Stored items from a collection:
⟨
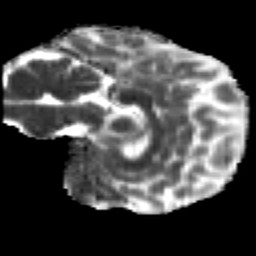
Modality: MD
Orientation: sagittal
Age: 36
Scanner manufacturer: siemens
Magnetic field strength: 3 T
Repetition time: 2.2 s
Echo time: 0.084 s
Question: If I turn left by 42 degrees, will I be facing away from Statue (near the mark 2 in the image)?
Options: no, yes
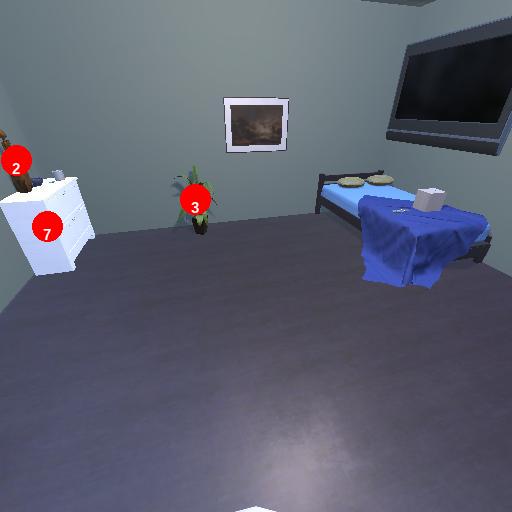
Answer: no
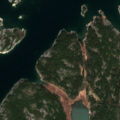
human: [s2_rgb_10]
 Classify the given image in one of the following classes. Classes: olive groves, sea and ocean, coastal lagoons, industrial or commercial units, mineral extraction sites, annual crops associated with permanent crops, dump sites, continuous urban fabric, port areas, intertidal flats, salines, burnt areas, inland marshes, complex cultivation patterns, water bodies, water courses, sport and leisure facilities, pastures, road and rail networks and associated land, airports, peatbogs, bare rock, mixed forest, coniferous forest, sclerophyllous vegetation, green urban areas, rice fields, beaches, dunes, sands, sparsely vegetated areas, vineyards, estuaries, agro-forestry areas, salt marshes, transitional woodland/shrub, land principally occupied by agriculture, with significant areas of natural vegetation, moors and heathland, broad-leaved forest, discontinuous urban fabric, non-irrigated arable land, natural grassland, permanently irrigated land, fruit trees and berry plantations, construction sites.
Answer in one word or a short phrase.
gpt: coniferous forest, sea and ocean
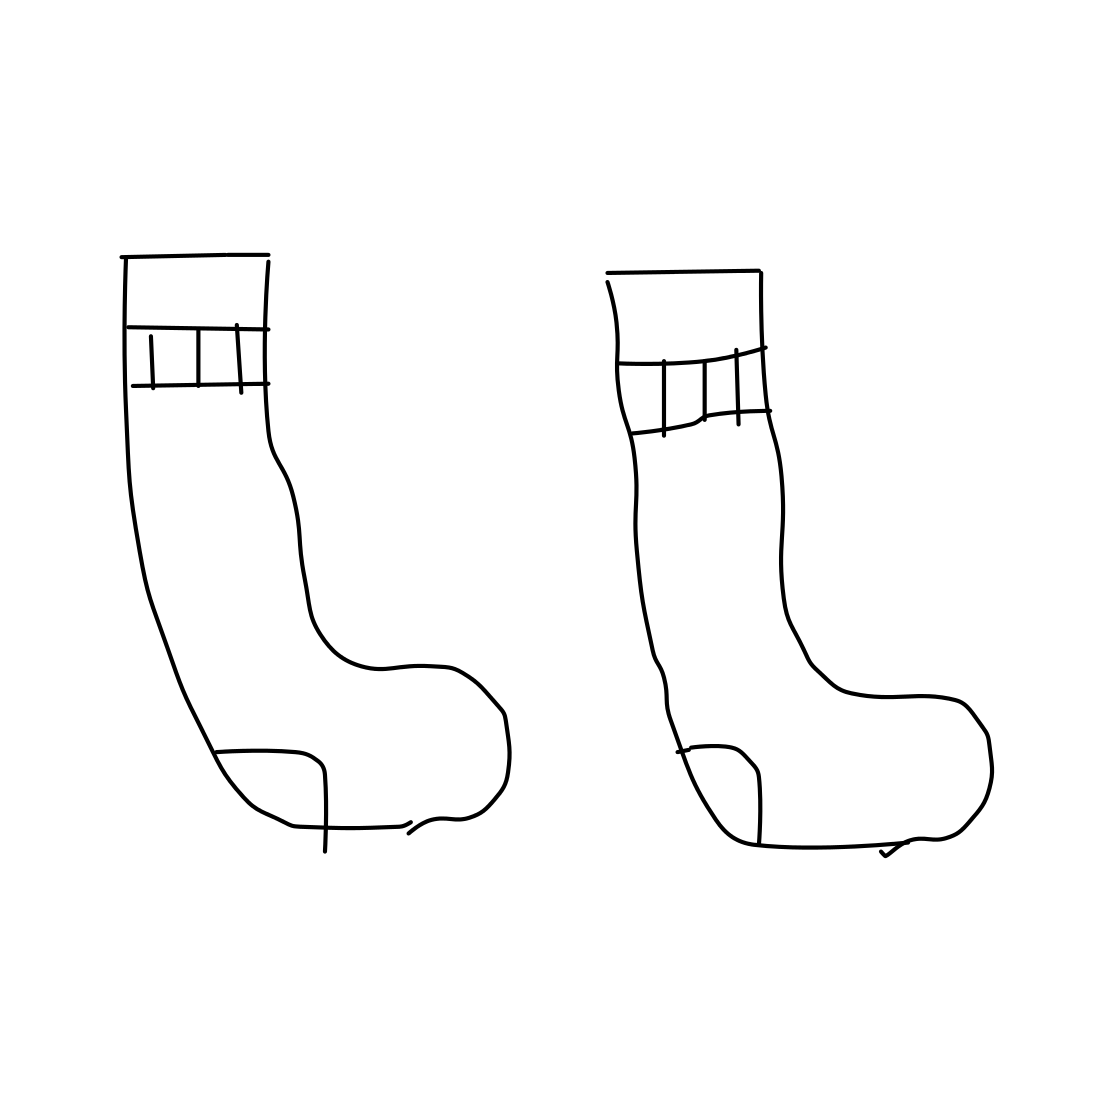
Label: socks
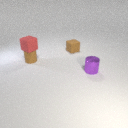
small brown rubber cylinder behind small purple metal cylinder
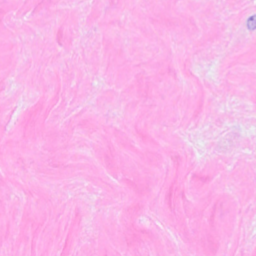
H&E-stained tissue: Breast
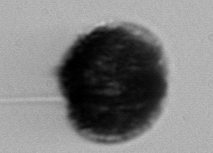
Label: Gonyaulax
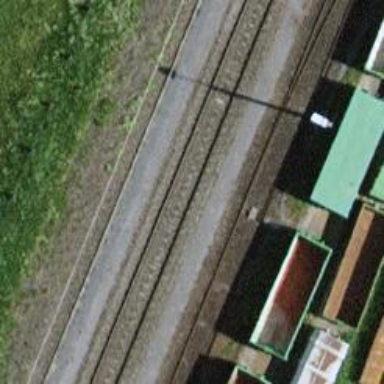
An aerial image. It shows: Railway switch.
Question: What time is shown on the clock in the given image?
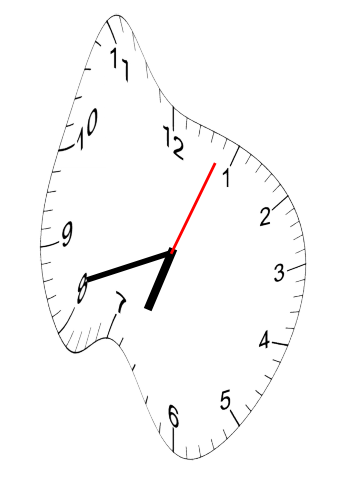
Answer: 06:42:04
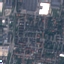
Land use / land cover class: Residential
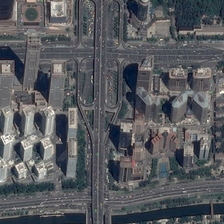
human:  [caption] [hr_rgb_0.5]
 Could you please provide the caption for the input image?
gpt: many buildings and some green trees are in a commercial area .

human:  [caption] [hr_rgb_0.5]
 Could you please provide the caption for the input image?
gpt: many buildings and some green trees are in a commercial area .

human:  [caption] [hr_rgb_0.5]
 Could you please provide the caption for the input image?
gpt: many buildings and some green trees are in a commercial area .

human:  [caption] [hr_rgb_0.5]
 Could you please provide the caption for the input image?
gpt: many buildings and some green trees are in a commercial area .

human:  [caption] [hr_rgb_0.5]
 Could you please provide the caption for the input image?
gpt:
⟩
### ACTIVITY
Your answer should be a precise transcript of the entries, minus the pictures.

### PROBLEM SOLUTION
Modality: MD
Orientation: sagittal
Age: 36
Scanner manufacturer: siemens
Magnetic field strength: 3 T
Repetition time: 2.2 s
Echo time: 0.084 s
Question: If I turn left by 42 degrees, will I be facing away from Statue (near the mark 2 in the image)?
Options: no, yes
Answer: no
human: [s2_rgb_10]
 Classify the given image in one of the following classes. Classes: olive groves, sea and ocean, coastal lagoons, industrial or commercial units, mineral extraction sites, annual crops associated with permanent crops, dump sites, continuous urban fabric, port areas, intertidal flats, salines, burnt areas, inland marshes, complex cultivation patterns, water bodies, water courses, sport and leisure facilities, pastures, road and rail networks and associated land, airports, peatbogs, bare rock, mixed forest, coniferous forest, sclerophyllous vegetation, green urban areas, rice fields, beaches, dunes, sands, sparsely vegetated areas, vineyards, estuaries, agro-forestry areas, salt marshes, transitional woodland/shrub, land principally occupied by agriculture, with significant areas of natural vegetation, moors and heathland, broad-leaved forest, discontinuous urban fabric, non-irrigated arable land, natural grassland, permanently irrigated land, fruit trees and berry plantations, construction sites.
Answer in one word or a short phrase.
gpt: coniferous forest, sea and ocean
Label: socks
small brown rubber cylinder behind small purple metal cylinder
H&E-stained tissue: Breast
Label: Gonyaulax
An aerial image. It shows: Railway switch.
Question: What time is shown on the clock in the given image?
Answer: 06:42:04
Land use / land cover class: Residential
human:  [caption] [hr_rgb_0.5]
 Could you please provide the caption for the input image?
gpt: many buildings and some green trees are in a commercial area .

human:  [caption] [hr_rgb_0.5]
 Could you please provide the caption for the input image?
gpt: many buildings and some green trees are in a commercial area .

human:  [caption] [hr_rgb_0.5]
 Could you please provide the caption for the input image?
gpt: many buildings and some green trees are in a commercial area .

human:  [caption] [hr_rgb_0.5]
 Could you please provide the caption for the input image?
gpt: many buildings and some green trees are in a commercial area .

human:  [caption] [hr_rgb_0.5]
 Could you please provide the caption for the input image?
gpt:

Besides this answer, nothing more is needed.